━━━ Data excerpt

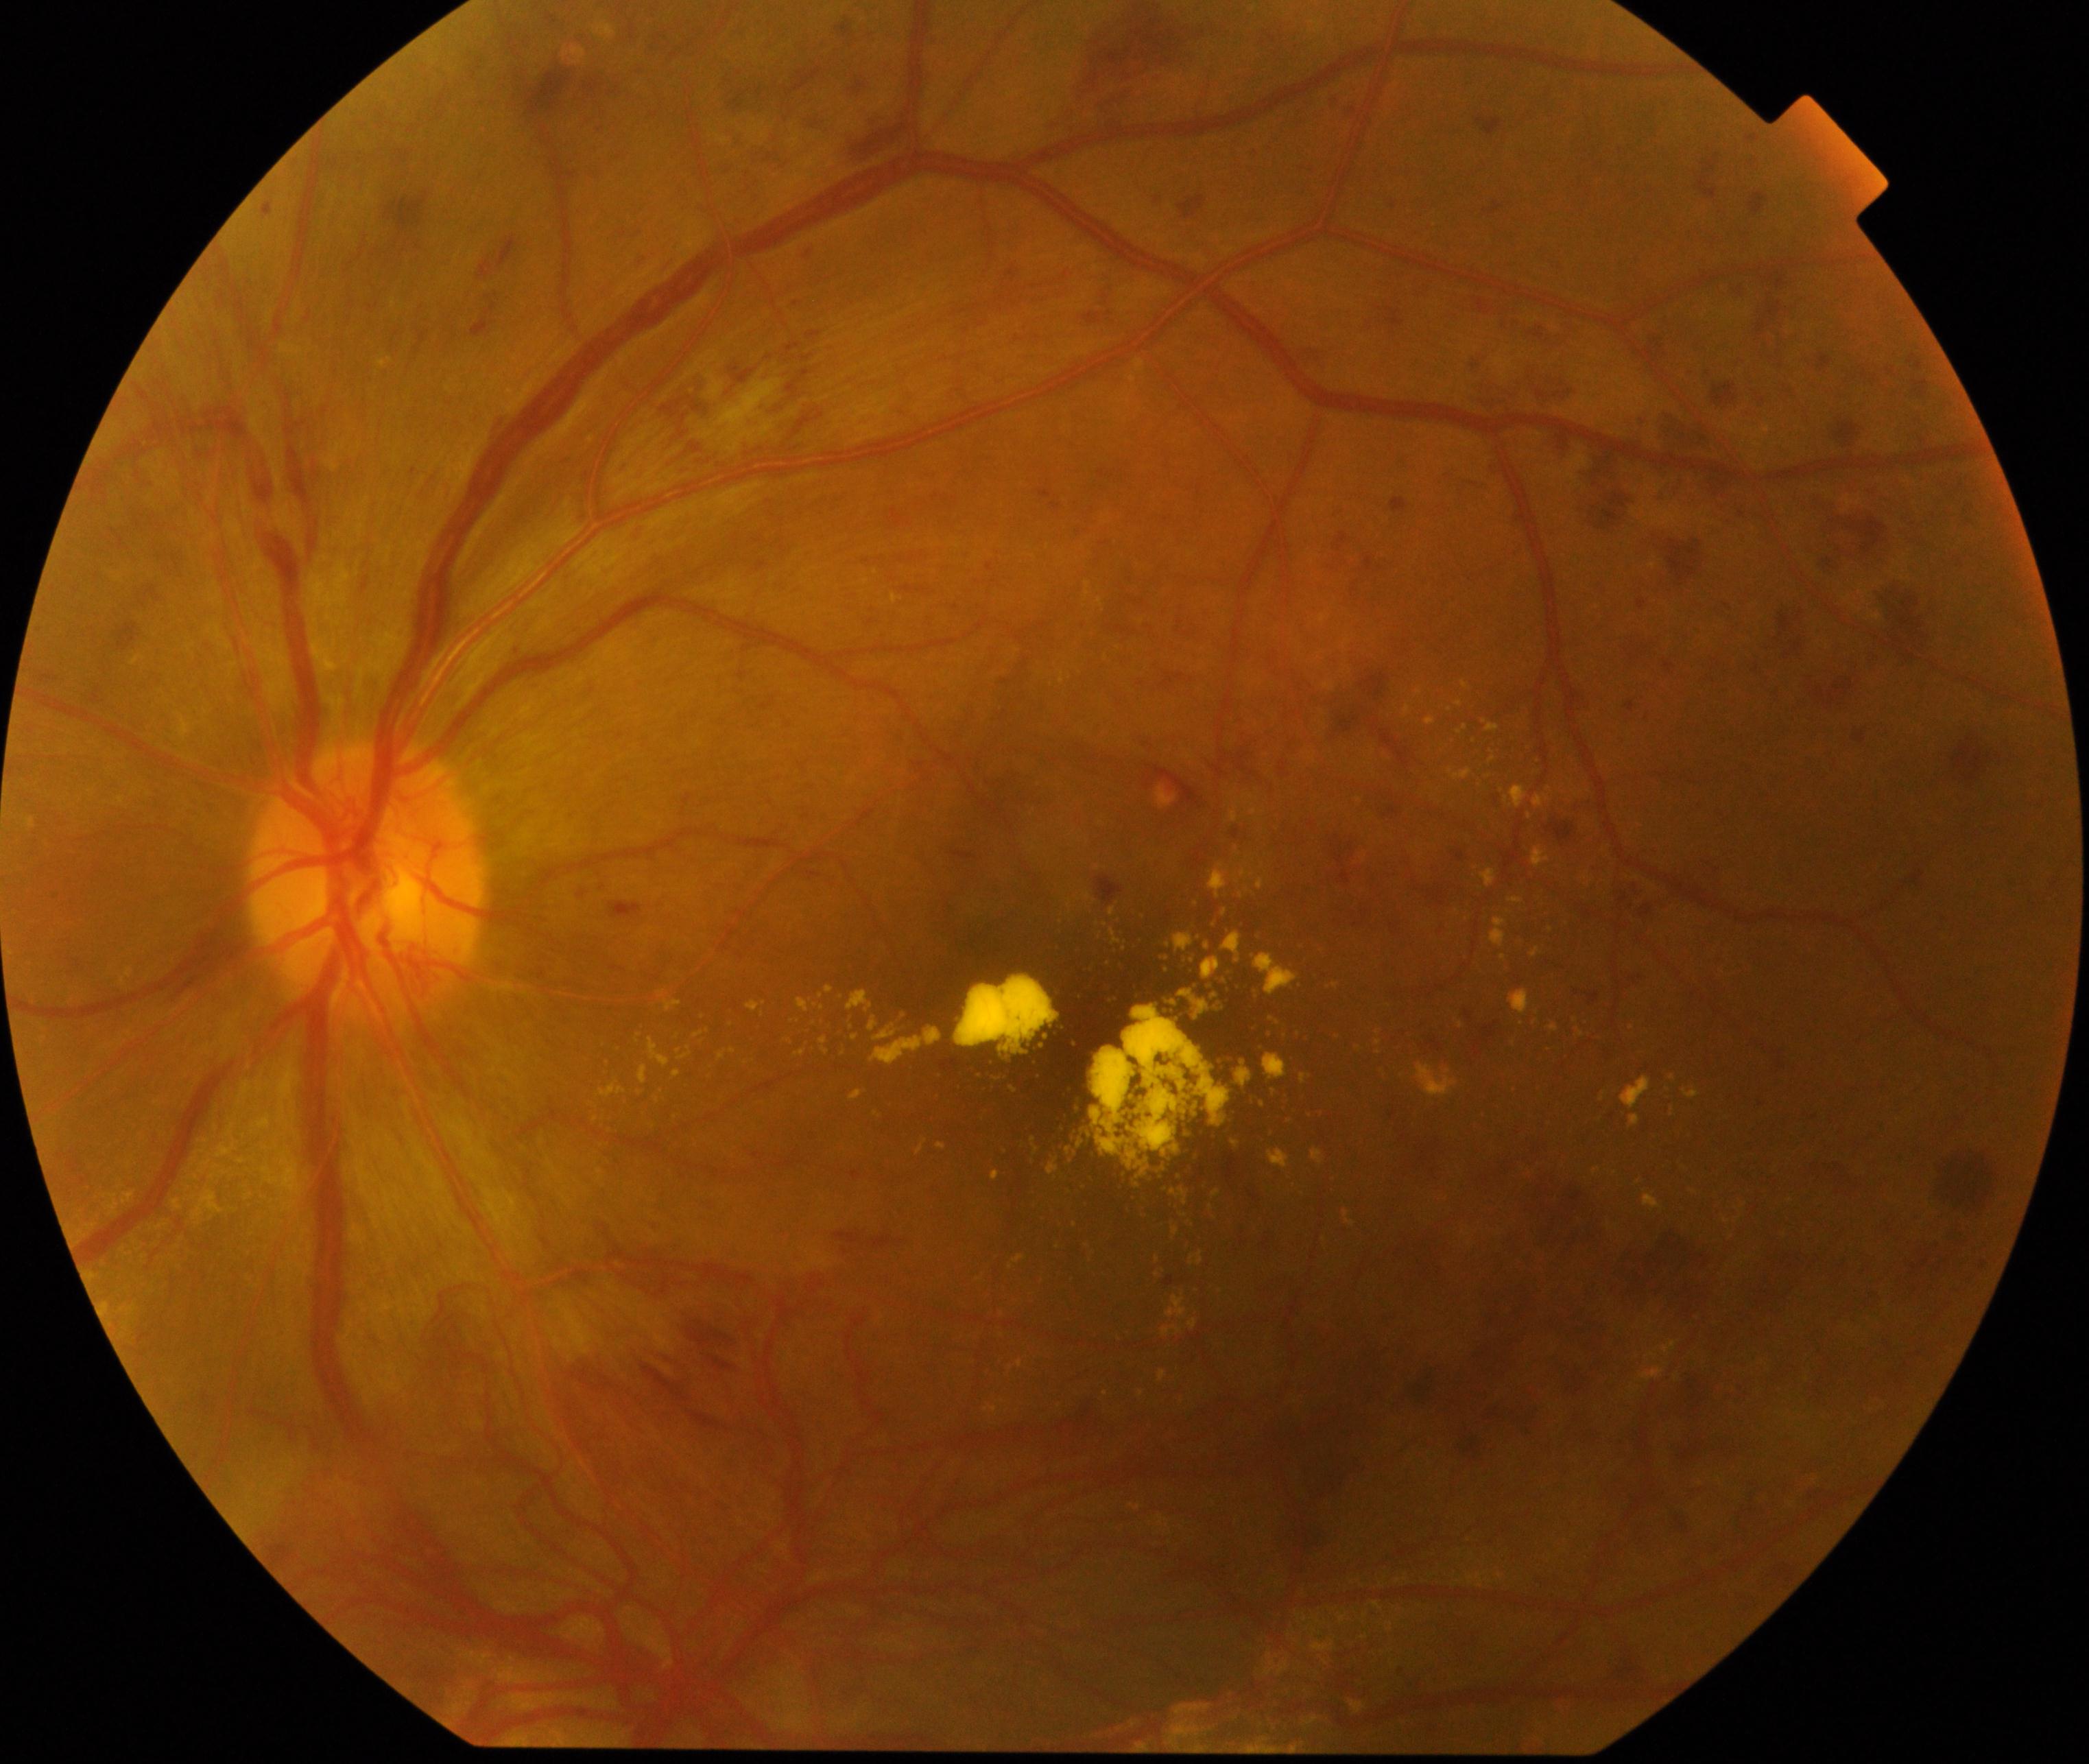
Fundus appearance consistent with severe non-proliferative or proliferative diabetic retinopathy.
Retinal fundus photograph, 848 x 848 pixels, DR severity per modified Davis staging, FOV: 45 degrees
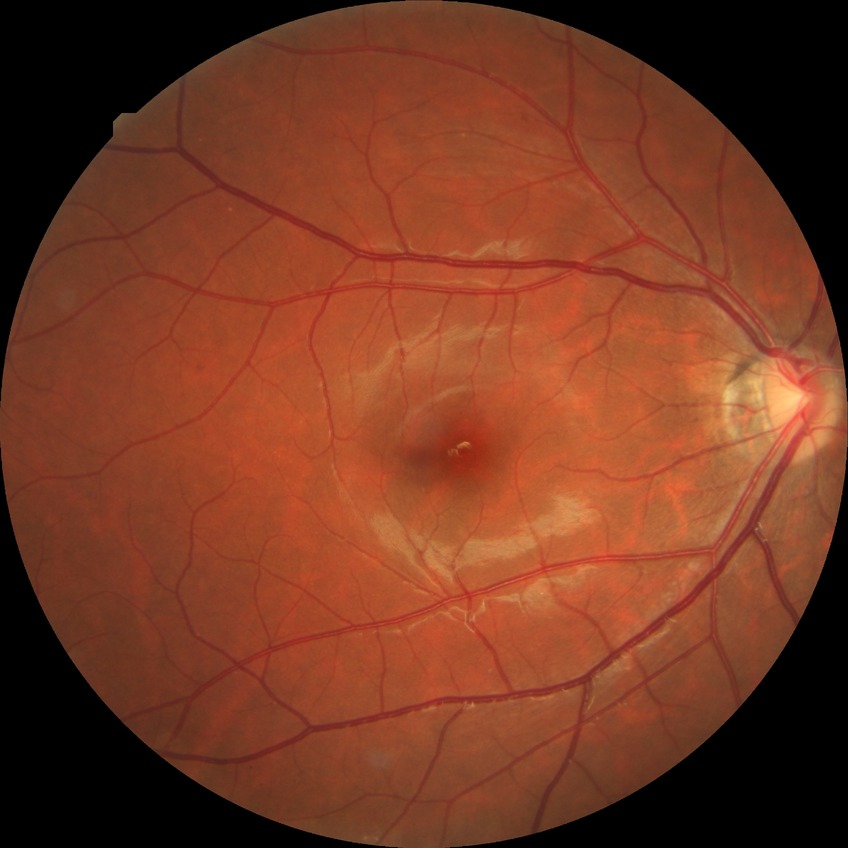
Diabetic retinopathy severity: no diabetic retinopathy.

━━━━━━

Your objective => Your answer should consist of copies of the lines above that include the string "diabetic".

Reply to the task =>
Fundus appearance consistent with severe non-proliferative or proliferative diabetic retinopathy.
Diabetic retinopathy severity: no diabetic retinopathy.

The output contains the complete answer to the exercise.